### WHAT IS BEING ASKED
Could you copy exactly the lines from the one containing "Gel camera. Picture" through the last line of the records below, leaving out any pictures?

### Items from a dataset
::::::

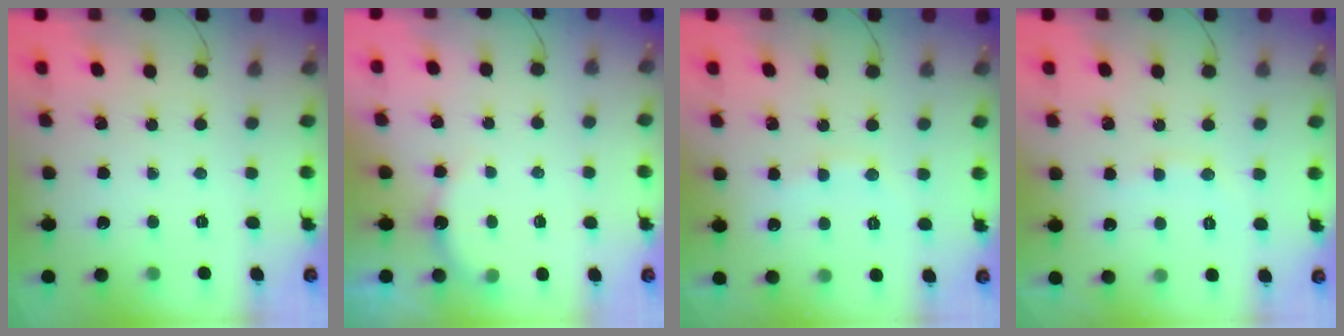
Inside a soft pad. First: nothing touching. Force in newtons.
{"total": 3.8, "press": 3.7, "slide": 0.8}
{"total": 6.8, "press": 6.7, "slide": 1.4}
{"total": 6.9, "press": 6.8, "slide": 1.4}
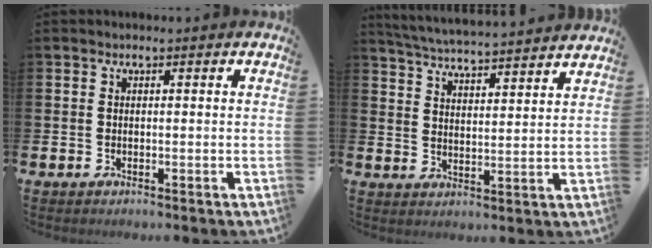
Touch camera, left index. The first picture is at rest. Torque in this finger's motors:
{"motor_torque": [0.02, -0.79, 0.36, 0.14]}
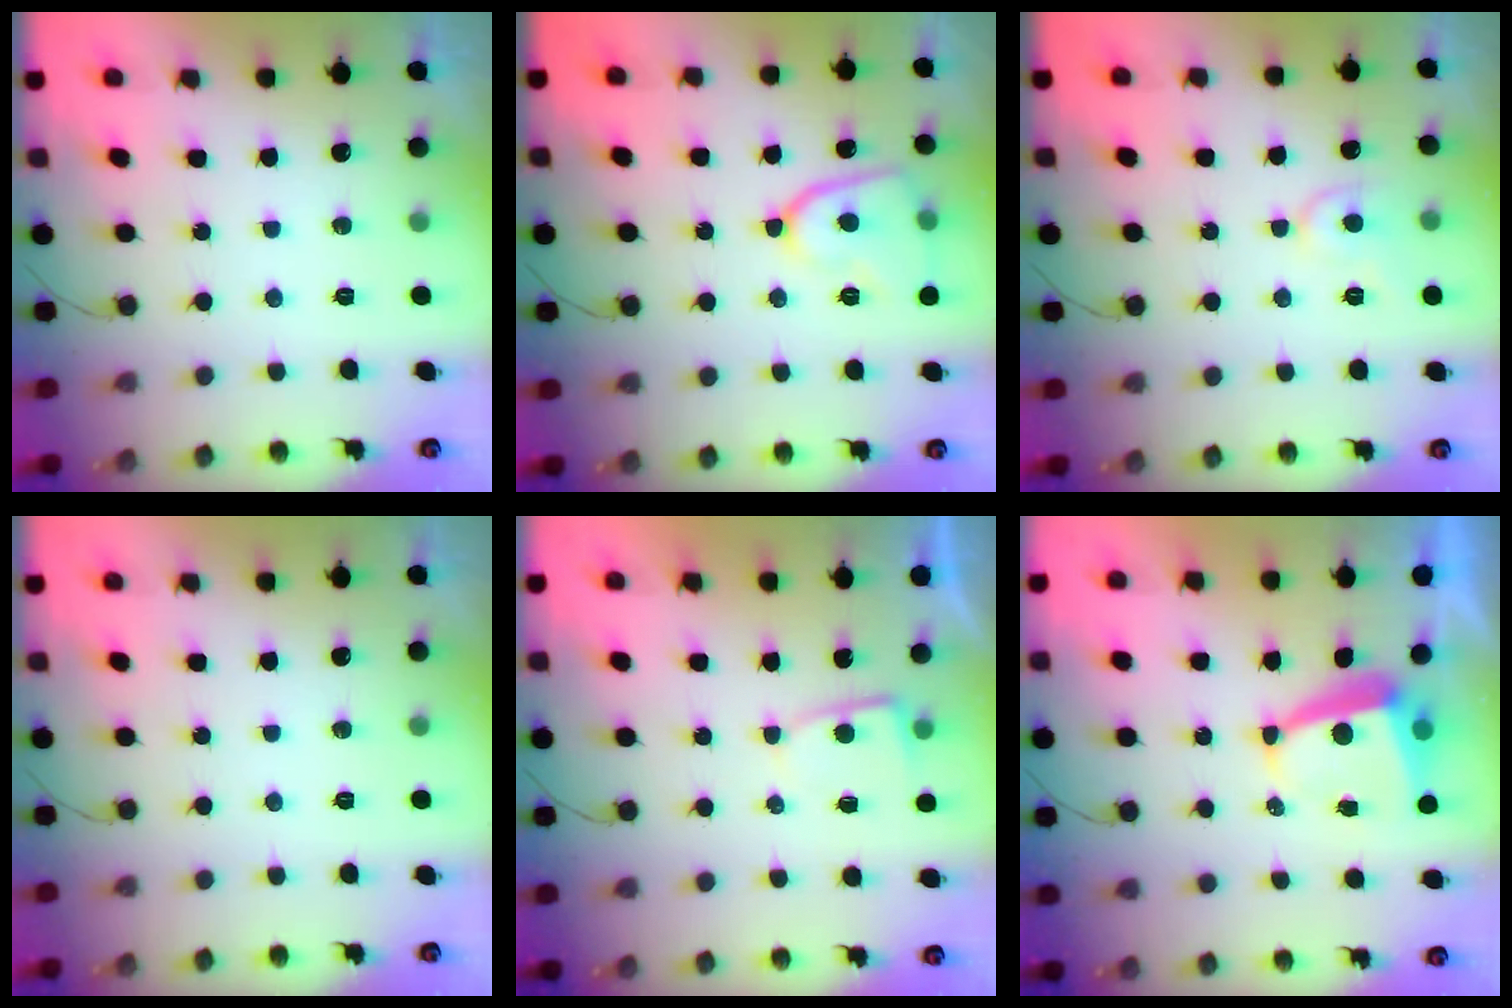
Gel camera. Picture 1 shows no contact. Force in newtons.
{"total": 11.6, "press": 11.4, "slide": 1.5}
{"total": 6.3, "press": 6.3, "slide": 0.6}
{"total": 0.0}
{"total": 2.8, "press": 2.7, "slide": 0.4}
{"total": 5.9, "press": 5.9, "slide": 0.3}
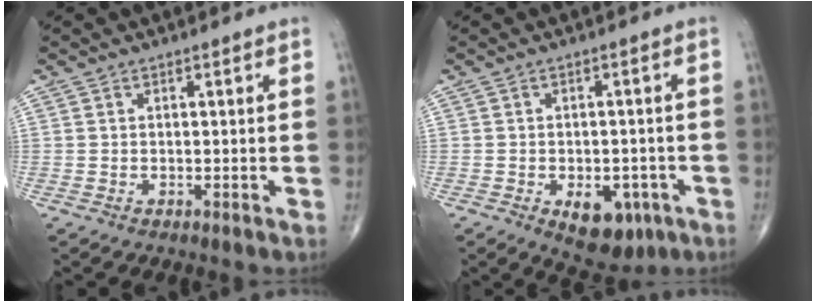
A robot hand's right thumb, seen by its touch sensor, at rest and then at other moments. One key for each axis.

::::::

### RESULT
Gel camera. Picture 1 shows no contact. Force in newtons.
{"total": 11.6, "press": 11.4, "slide": 1.5}
{"total": 6.3, "press": 6.3, "slide": 0.6}
{"total": 0.0}
{"total": 2.8, "press": 2.7, "slide": 0.4}
{"total": 5.9, "press": 5.9, "slide": 0.3}
A robot hand's right thumb, seen by its touch sensor, at rest and then at other moments. One key for each axis.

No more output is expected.